Former Deutsche Bank Dealers Have Been Found Guilty
In the United States, two former Deutsche Bank dealers have been found guilty of fraudulent transactions.The jury of a federal court in Chicago found that the two other market participants have deceived with false orders for precious metal futures contracts, as the US Department of Justice announced.The prosecution accuses them of conspiracy lasting several years.Both worked occasionally in London for Deutsche Bank.According to the court, the two dealers manipulated gold and silver prices through "spoofing". Buy or sell orders are simulated in order to steer prices in the desired direction. In principle, "spoofing" works like this: Traders place orders on the futures market that they do not want to execute - and delete them later. With the dummy orders, they simulate an interest that does not even exist. In doing so, they ensure, for example, that other market participants buy the precious metal in anticipation of a rising gold price - and because of the higher demand, the price actually rises.

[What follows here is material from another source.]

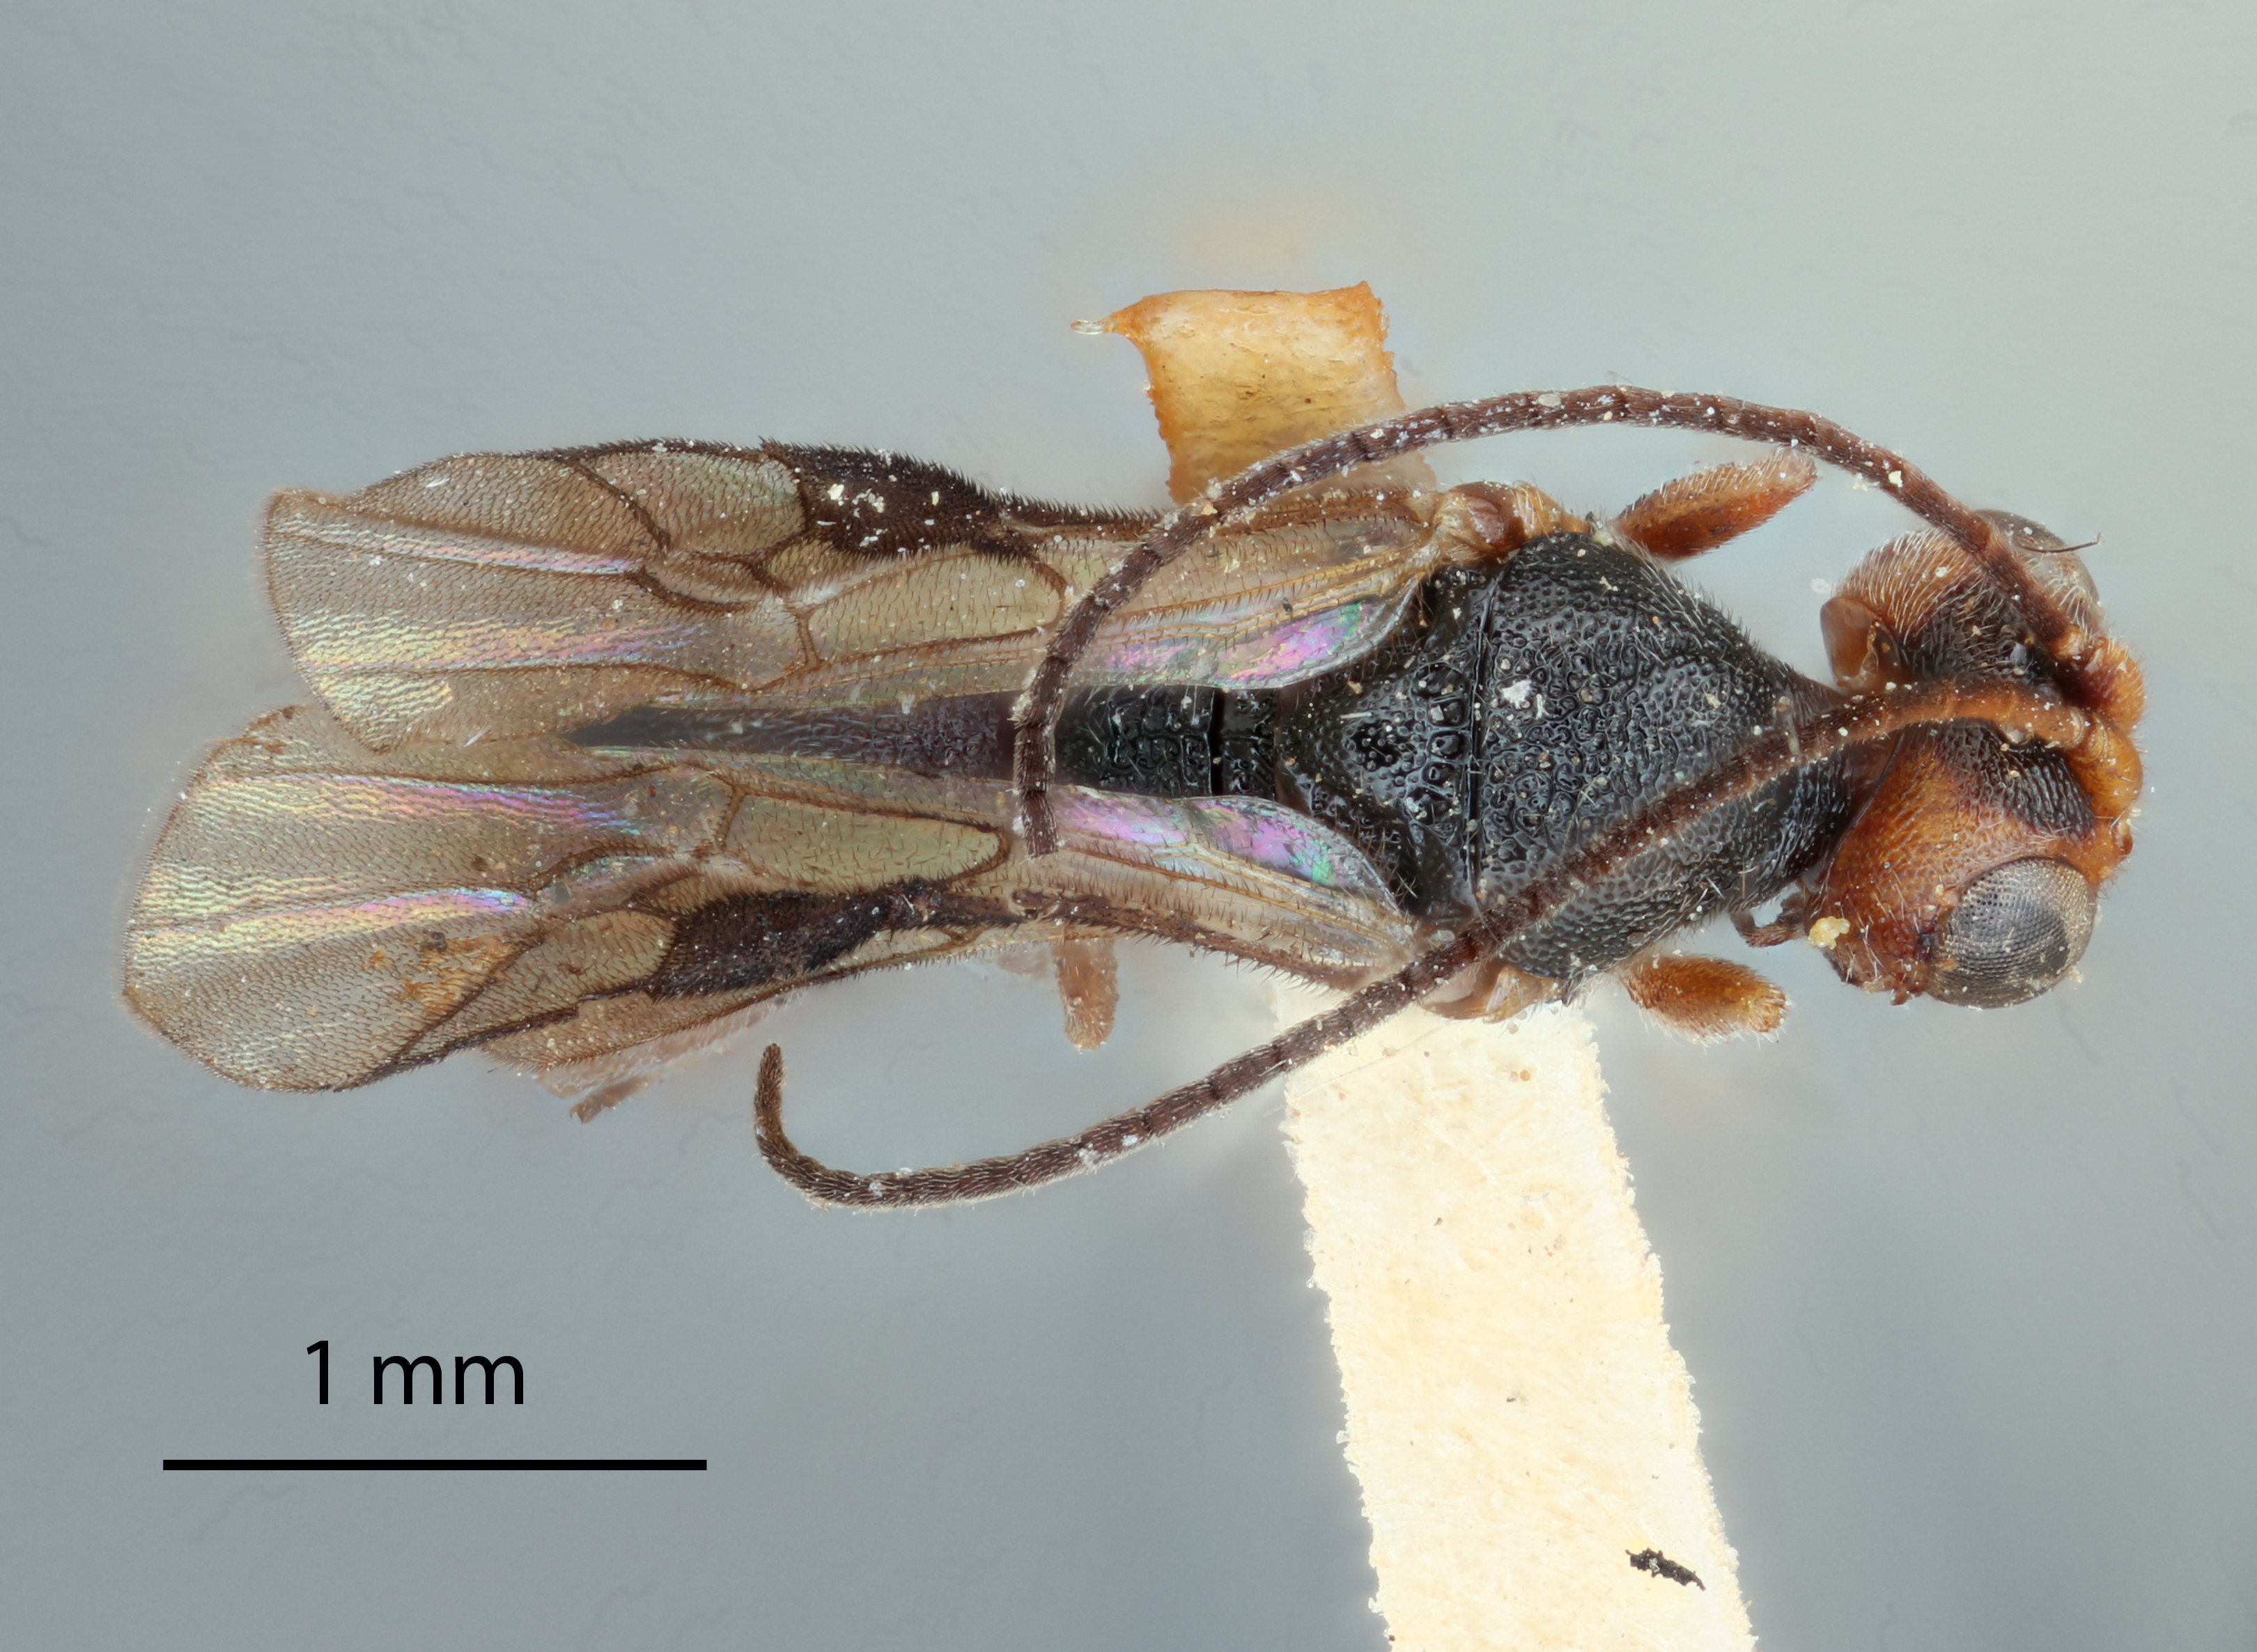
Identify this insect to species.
Ascogaster maculaticeps

"Spoofing" was banned in the USA in 2009 under the so-called Dodd-Frank Act, which was aimed at preventing a new financial crisis. Withdrawal of orders is still allowed. However, it is illegal to place them without wanting to take them out.
One of the dealers was found guilty on seven counts and the other on three counts. In each case, there is a maximum penalty of 30 years. The verdict is scheduled for January 21st.